A economia ainda tem algumas relações causa-efeito facilmente antecipáveis e no caso que faz hoje notícia e que aqui se publicita, o bom samaritanismo (seja ele individual ou colectivo por via apoio internacional) pode ter consequências catastróficas no desenvolvimento económico dos países que tentam construir uma economia. Além de que por vezes o que se pensa fazer seja de raiz substancialmente diferente do que é feito.

Veja-se o exemplo do negócio da recolha de roupas usadas que o Portugal Diário hoje volta a trazer para a ribalta (aqui, aqui, aqui e aqui). Com um misto de publicidade enganosa e complacência por quem licencia e/ou não fiscaliza o uso do espaço público, um grupo multinacional dispõe de pontos de recolha espalhados por vários países do mundo, particularmente por aqueles onde haverá condições e predisposição da população para ajudar o outro, mais desfavorecido. Vale a pena ler os artigos na íntegra e atentar nos sublinhados do excerto que aqui deixo.

“Estão no meio da rua, à saída do supermercado, frente a uma igreja ou ao lado de um ecoponto. São caixas enormes onde qualquer pessoa pode deixar roupa usada, que já não faz falta e ocupa as gavetas lá de casa. (…) a imagem com uma menina que parece ter sido fotografada num país africano, pobre, incita o transeunte a doar roupas usadas para ajudar o terceiro mundo.

Mas não é verdade. A roupa que está dentro dessas caixas é depois tratada por voluntários, escolhida, prensada e embalada e… vendida. [Na Califórnia, o Teachers Group] conseguiu mais dinheiro, com a venda das roupas, do que o Exército de Salvação, uma instituição com décadas nos Estados Unidos, que usa o dinheiro para ajudar pessoas desfavorecidas. (…)

Michael Durham, o jornalista inglês que há vários anos investiga os negócios da TVIND, explicou ao PortugalDiário como funciona a estratégia do Teachers Group: o objectivo é vender roupas para obter dinheiro para o TG, o grupo de líderes da TVIND. A roupa é vendida para várias companhias, da própria organização, sedeadas em paraísos fiscais. O lucro é, assim, não declarado e o dinheiro vai parar a uma conta off-shore, em locais como as ilhas Caimão.
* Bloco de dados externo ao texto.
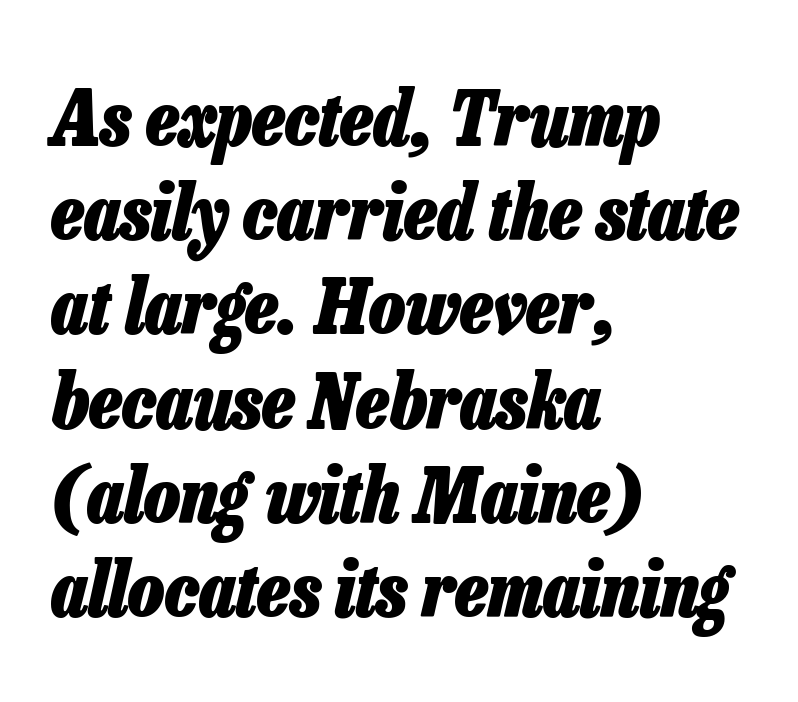
Type without underlining. Is the type bold? Yes — the strokes are clearly thick and heavy. Does extra space separate the letters? No, they use regular spacing. A classic flush-left, rag-right setting is used for this passage. The letters advance in unequal steps, a hallmark of proportional type.
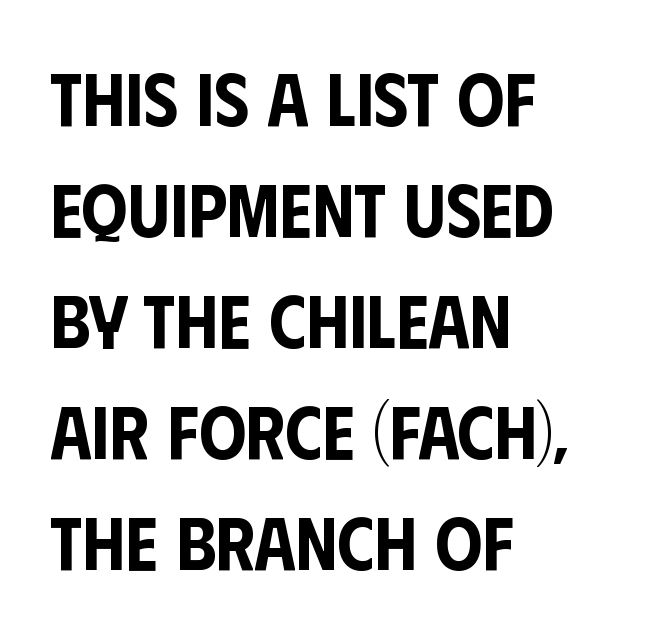
{"serif": "no", "italic": "no", "width": "condensed", "stroke_contrast": "low", "x_height": "large", "monospaced": "no", "underline": "no", "align": "left", "line_spacing": "normal", "line_spacing_ratio": 1.5, "letter_spacing": "normal", "letter_spacing_em": 0.0, "glyph_px": 74}

Mas além da evasão fiscal e fraude – cujos processos correm nos tribunais dinamarqueses – a venda de roupa tem efeitos mais perversos. Quando vendida em países africanos, como Angola e Moçambique, a preços baixos – recorde-se que os voluntários são mão-de-obra barata – acabam por arruinar os mercados têxteis incipientes nesses países.”

Tagged under:

2 Comentários

  • Mariana Alencar L GarciaResponder

    Esse caso me lembrou um recente boato contra um evento anual chamado “Criança Esperança” da Rede Globo de Televisão ( a maior rede do Brasil). Circulou pela internet que a Globo, se beneficiava do Criança Esperança para deduzirr em seu Imposto de Renda como “caridade”. Uma caridade de milhões de reais que por outro lado compensava seus impostos com o governo.As doações para o criança esperança são feitas por pessoas comuns via telefone. Nada foi provado mas… não é duvidoso. A caridade cega não compensa.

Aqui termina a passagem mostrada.